Can you talk to us about the challenges and lessons you’ve learned along the way? Has it been easy or smooth in retrospect?
I don’t have a chip on my shoulder. I’m fortunate to have grown up surrounded by supportive family and friends, as well as teachers like Jed Diamond and West High School’s Kat Furnari and Arielle Street, all of whom went to great lengths to help me make the things I wanted to make. Still, the life of an artist (or anyone else, for that matter) is never easy. Most of us don’t make a living with our work, and the path to finding your voice, the center of any artist’s life, is never-ending and filled with self-doubt. For every acceptance to a film festival, I’ve had twenty rejections. I’ve had experiences in filmmaking that were so emotionally taxing that, at times, I thought I wanted to stop pursuing it altogether. When I feel like that, I try to remind myself that I’ve already won because creation is a privilege that shouldn’t be taken for granted. I don’t write or make movies for money, fame, or to make something that will outlive me. I do it to enrich my life and help me understand it a little more as I lead it. I used to dream about winning an Oscar and would still love to do that, but I try to remember that the filmmakers who win Oscars wake up the following day and go back to making.
Thanks – so, what else should our readers know about your work and what you’re currently focused on?

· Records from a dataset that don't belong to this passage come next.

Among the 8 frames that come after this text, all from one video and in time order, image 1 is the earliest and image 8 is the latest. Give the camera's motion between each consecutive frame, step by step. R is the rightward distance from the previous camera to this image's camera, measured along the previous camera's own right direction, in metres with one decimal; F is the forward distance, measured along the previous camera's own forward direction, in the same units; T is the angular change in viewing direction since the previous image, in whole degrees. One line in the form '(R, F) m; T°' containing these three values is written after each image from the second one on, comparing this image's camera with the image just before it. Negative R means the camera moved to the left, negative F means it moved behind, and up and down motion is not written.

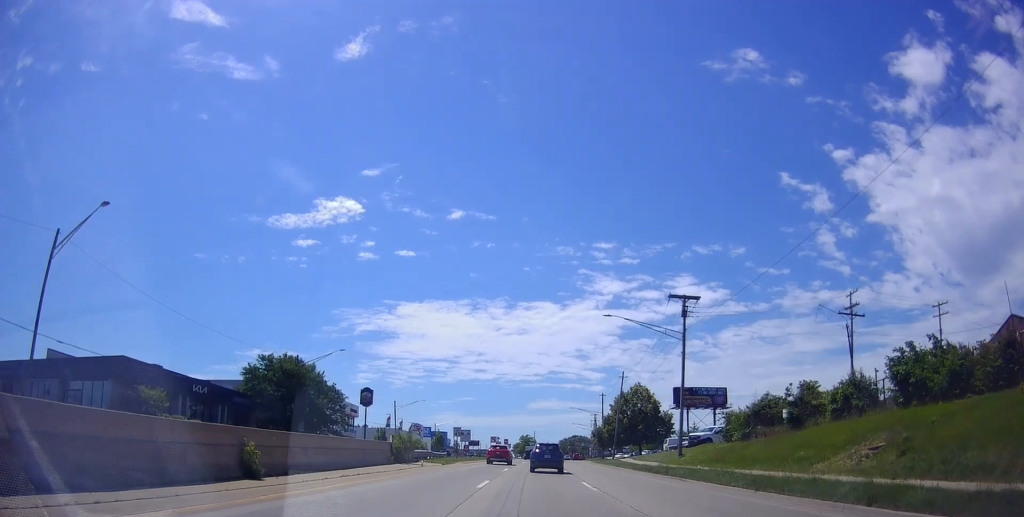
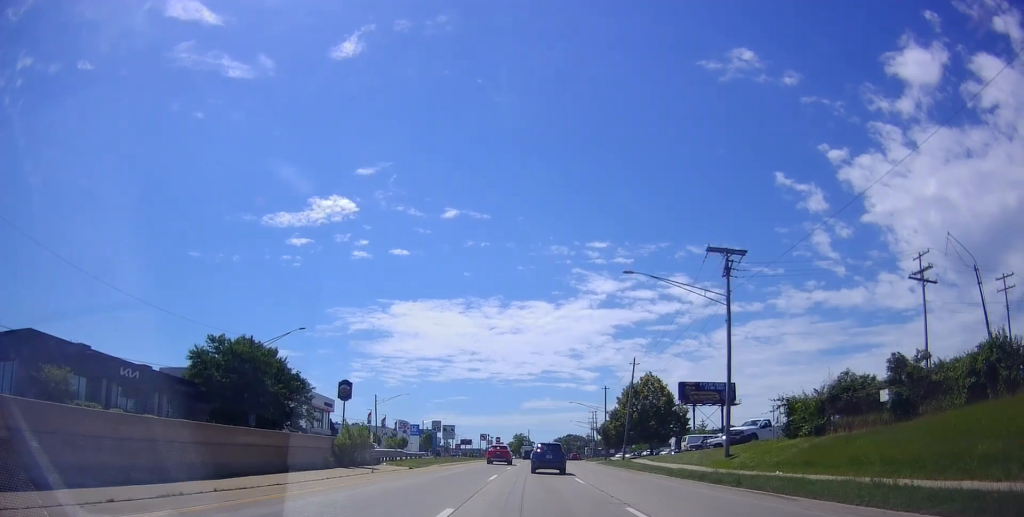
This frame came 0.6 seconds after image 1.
(0.0, +10.9) m; +1°
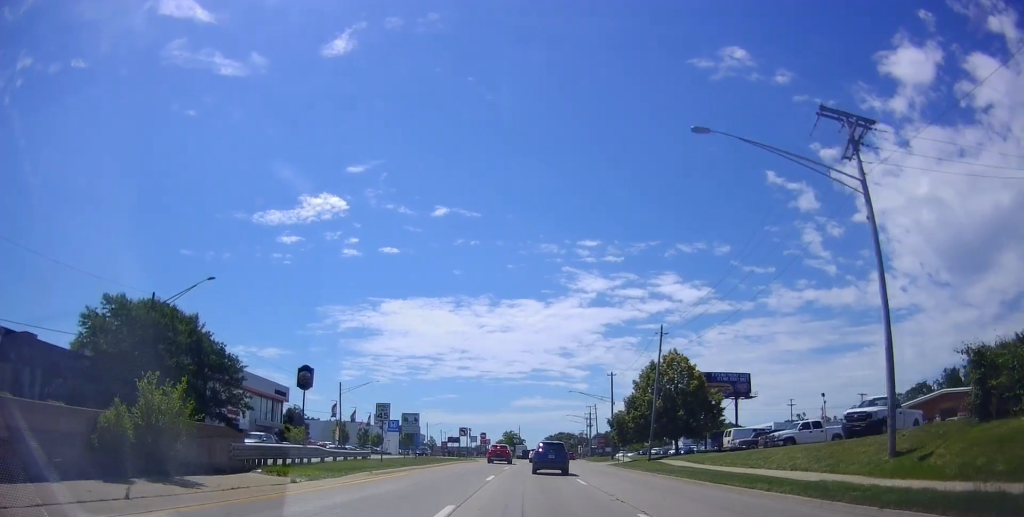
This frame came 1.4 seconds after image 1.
(+0.1, +16.2) m; +2°
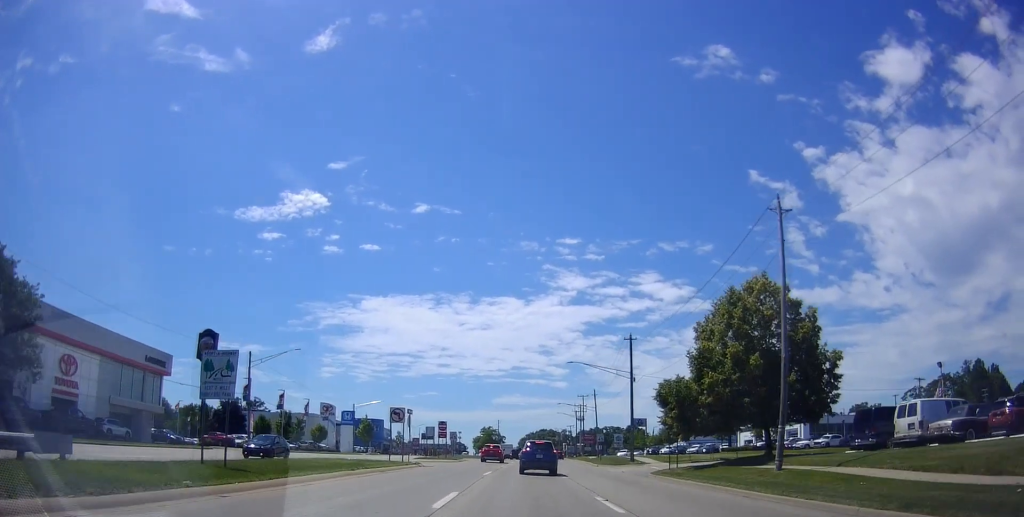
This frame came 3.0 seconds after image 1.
(+0.9, +27.6) m; +2°
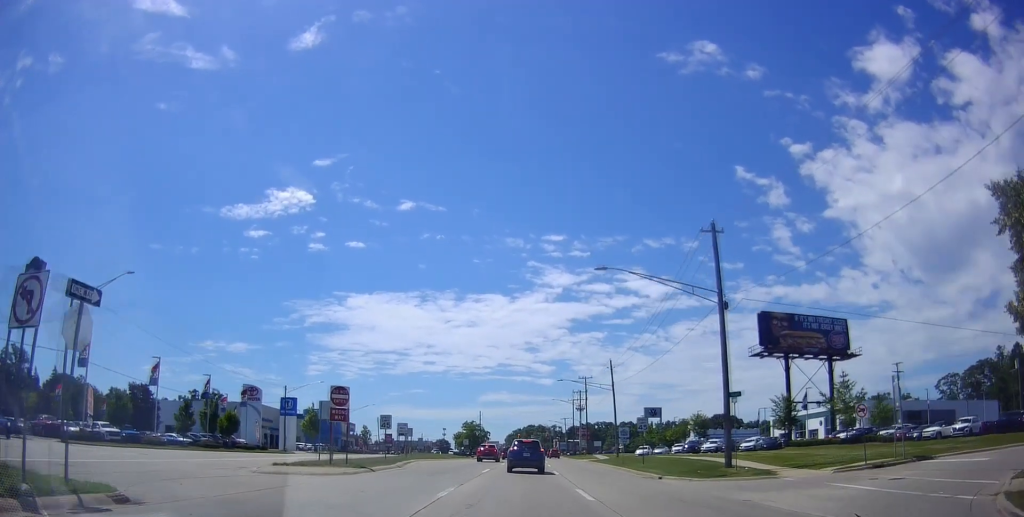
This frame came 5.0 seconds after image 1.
(0.0, +31.2) m; +2°
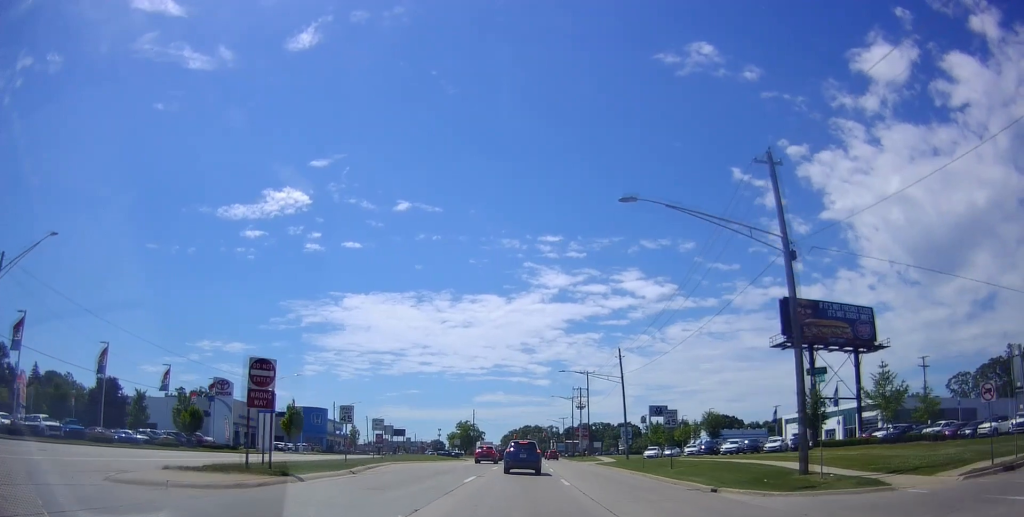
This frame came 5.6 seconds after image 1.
(+0.3, +8.6) m; +1°
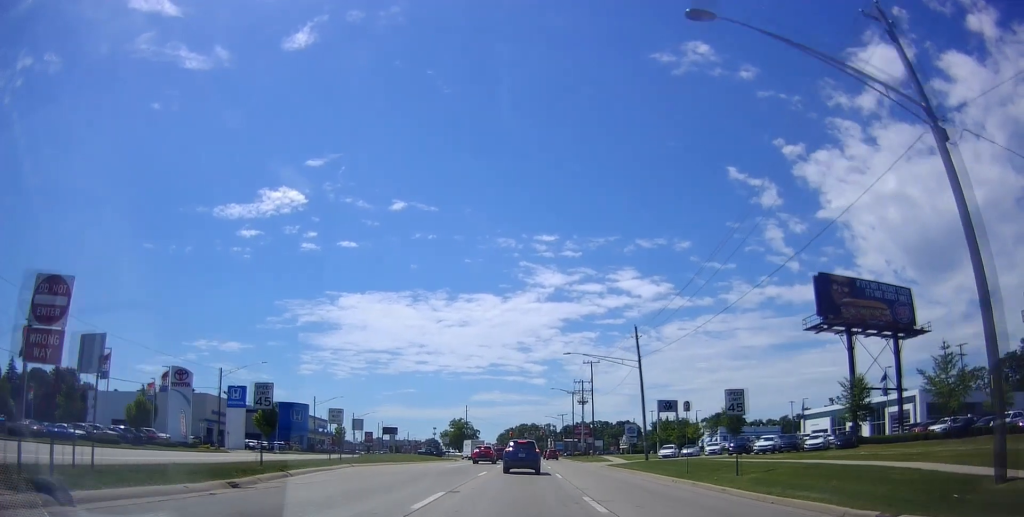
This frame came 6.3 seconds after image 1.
(+0.3, +10.6) m; 0°
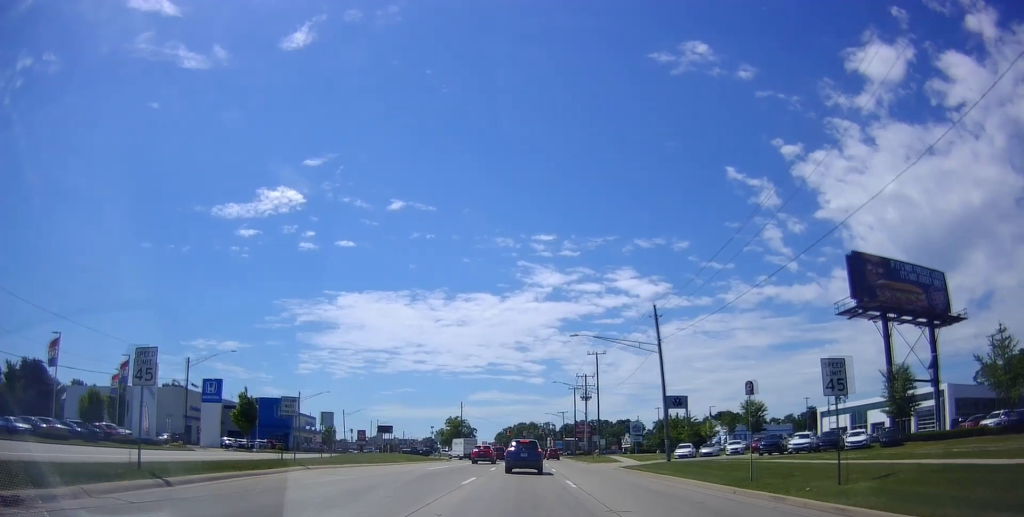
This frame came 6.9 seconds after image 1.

I’m a writer and filmmaker. I primarily write poetry and screenplays, though I also write short stories and personal essays. I also have dreams of writing a novel one day. As a filmmaker, I focus on narrative short films and music videos, with the occasional documentary (though my goal is to make a feature film in the next four years). I’m a second-generation American born and raised in Tennessee by two native New Yorkers, so the outsider’s perspective is key to my work. I feel like a northerner in Tennessee, and in New York, I feel like a southerner. I’m in touch with my grandparents’ cultures, but I’m painfully aware of how those cultures are fading away with each generation of my family. My work is often framed within intergenerational relationships and is mainly focused on questions of morality, mortality, and the existential weight of being alive. I’m interested in how we teach ourselves and our children to live in the face of death. I have wide-ranging taste and can find inspiration in anything, but I have a morbid sensibility (as you can tell), so recently, I’ve been very influenced by horror films. In my writing and movies, I often try to capture a feeling of foreboding, the idea that something is wrong, but you can’t figure out what.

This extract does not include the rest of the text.